# New update News!!!! *Spoilers*



## Ashariel (Feb 13, 2018)

https://support.ac-pocketcamp.com/en-US/public_announcements/ANNOUNCEMENT_1102141

Some stuff we knew some new things I'm excited!!! 2 more hours!!!


----------



## AndroGhostX (Feb 13, 2018)

You can play now!


----------



## Ellexi (Feb 13, 2018)

is anyone else having problems updating on iOS? :/ I need me my Animal Crossing!


----------



## J087 (Feb 13, 2018)

Ashariel said:


> https://support.ac-pocketcamp.com/en-US/public_announcements/ANNOUNCEMENT_1102141
> 
> Some stuff we knew some new things I'm excited!!! 2 more hours!!!



Gosh, your internet connection must be really bad if you have to wait 2 hours for the update to come in. I just finished downloading.

I love the freebie balloons!!!
Already won 55 caps


----------



## AndroGhostX (Feb 13, 2018)

They are probably referring to how Nintendo estimated it would take until 5 pm TBT time to do maintenance...


----------



## Imaginetheday (Feb 13, 2018)

Ellexi said:


> is anyone else having problems updating on iOS? :/ I need me my Animal Crossing!



I am.


----------



## SpookyMemes (Feb 13, 2018)

I just went on to play, but it told me to update it to the latest version. Went to the store but there was no update button? Is there still maintenance going on?


----------



## Xme (Feb 13, 2018)

SpookyMemes said:


> I just went on to play, but it told me to update it to the latest version. Went to the store but there was no update button? Is there still maintenance going on?



Same here


----------



## Charmed (Feb 13, 2018)

To those who are having problem updating the latest version on iOS, go to the update tab on App Store. Hold your finger and pull down the screen. That would refresh the page.


----------



## Ashariel (Feb 13, 2018)

J087 said:


> Gosh, your internet connection must be really bad if you have to wait 2 hours for the update to come in. I just finished downloading.
> 
> I love the freebie balloons!!!
> Already won 55 caps



I was referring to the time they said they would be done but luckily they finished early


----------



## Paperboy012305 (Feb 13, 2018)

The new Shovelstrike Quarry is OP. Just repeatedly press the call for help button over and over until you don't have any more people to help out.


----------



## Ashariel (Feb 13, 2018)

Paperboy012305 said:


> The new Shovelstrike Quarry is OP. Just repeatedly press the call for help button over and over until you don't have any more people to help out.

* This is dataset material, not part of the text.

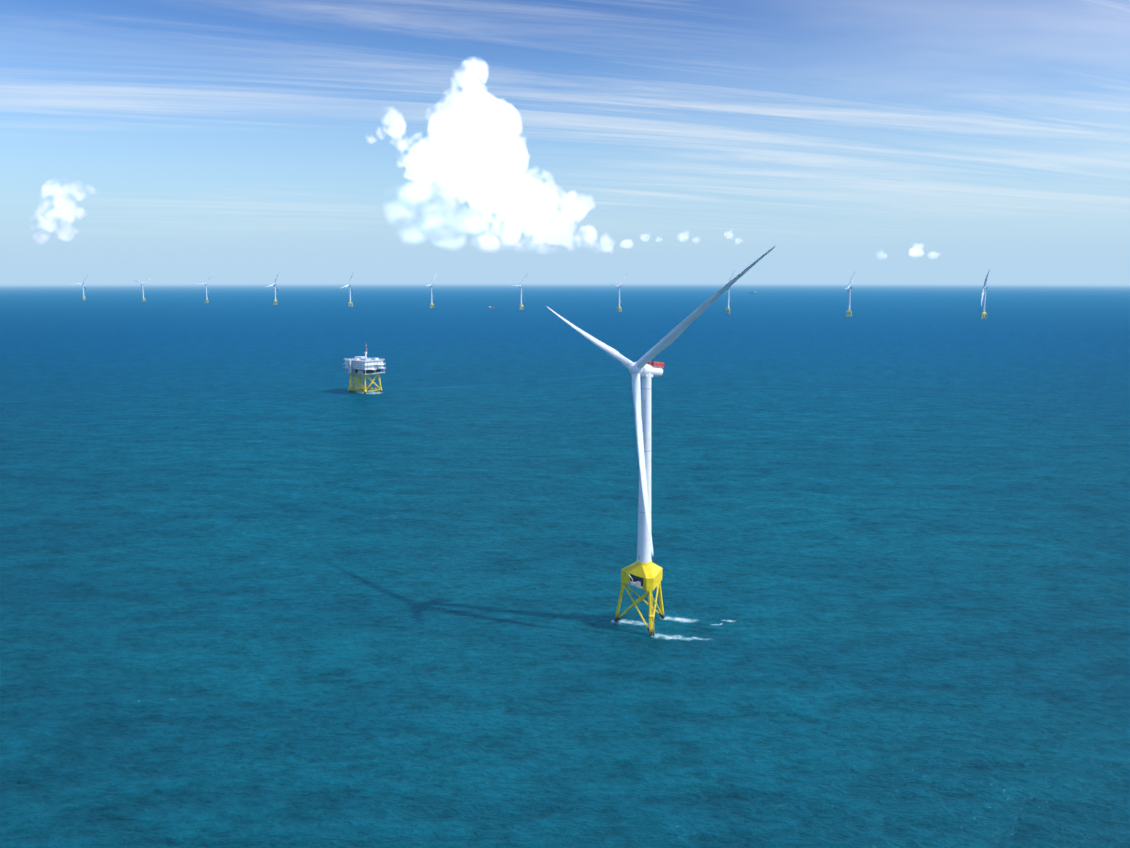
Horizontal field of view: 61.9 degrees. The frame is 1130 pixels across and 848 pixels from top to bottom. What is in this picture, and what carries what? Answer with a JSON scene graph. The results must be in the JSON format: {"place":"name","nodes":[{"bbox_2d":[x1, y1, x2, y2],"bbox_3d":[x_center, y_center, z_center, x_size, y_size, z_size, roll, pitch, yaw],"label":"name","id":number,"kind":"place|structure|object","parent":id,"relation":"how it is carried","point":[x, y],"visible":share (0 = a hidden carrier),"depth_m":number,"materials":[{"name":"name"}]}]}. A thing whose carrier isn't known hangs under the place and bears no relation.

I was so happy to see that I can't wait to try it out tomorrow!!!


----------



## Xme (Feb 14, 2018)

Charmed said:


> To those who are having problem updating the latest version on iOS, go to the update tab on App Store. Hold your finger and pull down the screen. That would refresh the page.



Thank you!!!!


----------



## Ezamoosh (Feb 14, 2018)

The freebie balloons are super sweet, and I'm loving dressing up my villagers!
Bit bummed out at just how _expensive_ the cap prizes are, especially as it's a game you concentrate on to win and not just totally random. If I could just sit and tap absent mindedly on a random slot machine until I used up my powder that would be fine, but as it stands I don't know how I'm ever going to get 10,000 of the things!!


----------



## Pinkpalacexo (Feb 14, 2018)

the changing animal outfits is what I have been waiting for! ^.^


----------